The official tutorial on building a causal LM from scratch says that Shifting the inputs and labels to align them happens inside the model, so the data collator just copies the inputs to create the labels..
Indeed, from the source code we can see that the DataCollatorForLanguageModeling with mlm=False does nothing else but just basically copies the input ids.
I didn’t find any document of the Transformers library describing this shifting behavior.
So where and how is it done?
I think it may be better to give a pointer to the implementation of this behavior in a more general place in the doc. As a user, I’m not familiar with your internal design philosophy as well as the implementation itself.
I thought this shifting logic was implemented somewhere in more abstract level. But it turns out to be in specific models.
Ditto, I was actually confused by the label shifting a lot until I rechecked the docu for the function of DataCollatorForLanguageModeling, and after checking its source code (torch_call()) on Github, it indeed just copied the input_ids, but the model can still update weights based on the datasets processed in such a way.

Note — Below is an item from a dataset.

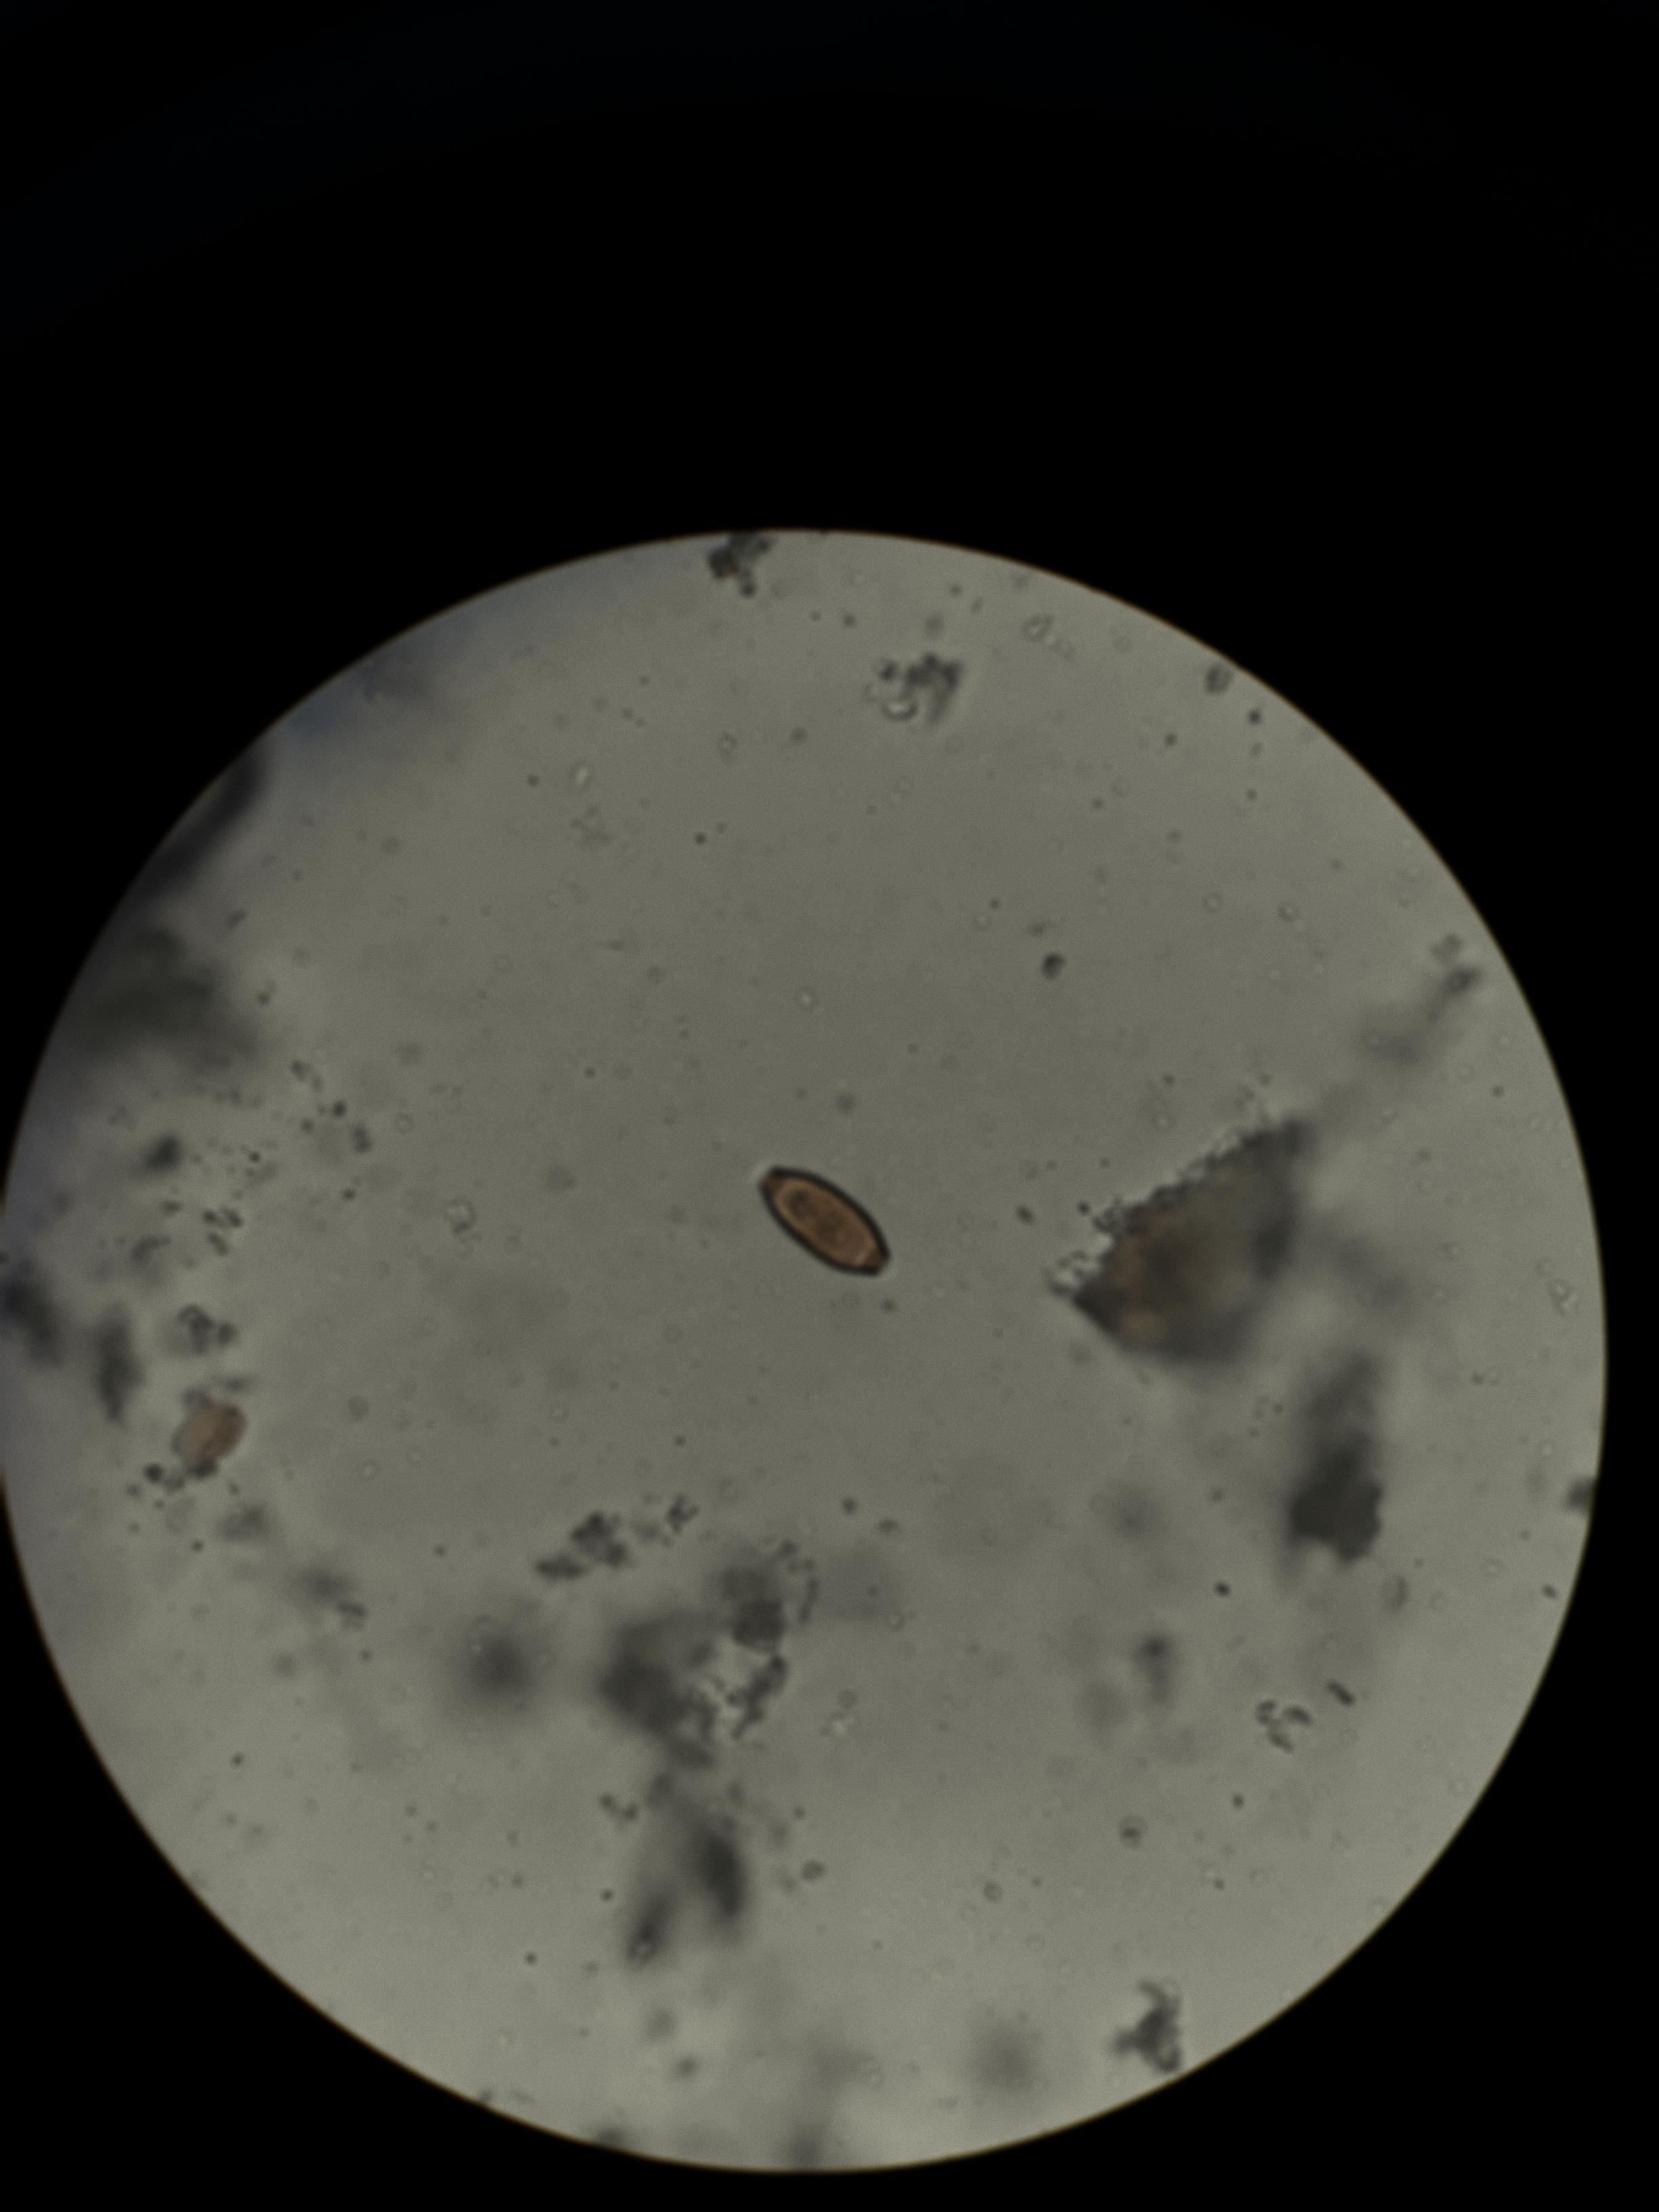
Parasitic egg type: Trichuris trichiura

In contrast, in the custom DataSet class I wrote, in the get_item() I shifted the label manually by myself, and after fine-tuning with 50000 samples on a German GPT2, the loss value cannot go down at all. Then I realized, I might need to follow the way in other tutorials, which means, just copying the input_ids without shifting as the labels.
Such as Training a causal language model from scratch - Hugging Face Course
Where you can clearly see that they highlighted the text over there:
Shifting the inputs and labels to align them happens inside the model, so the data collator just copies the inputs to create the labels.
Therefore, I’d also like to ask the HF team to make it clear in the AutoModelForCausalLM clearly that the auto-regressive models loaded from the transformers library will shift the label_ids automatically in the forward() function, and all we need to feed the data collator or a custom dataloader is just ['input_ids', 'attention_mask', 'label_ids'], and the label_ids should just be a copy of the input_ids and we shouldn’t shift it manually in the data preparation phrase, otherwise, it will cause two token gap between label and logits in the forward function.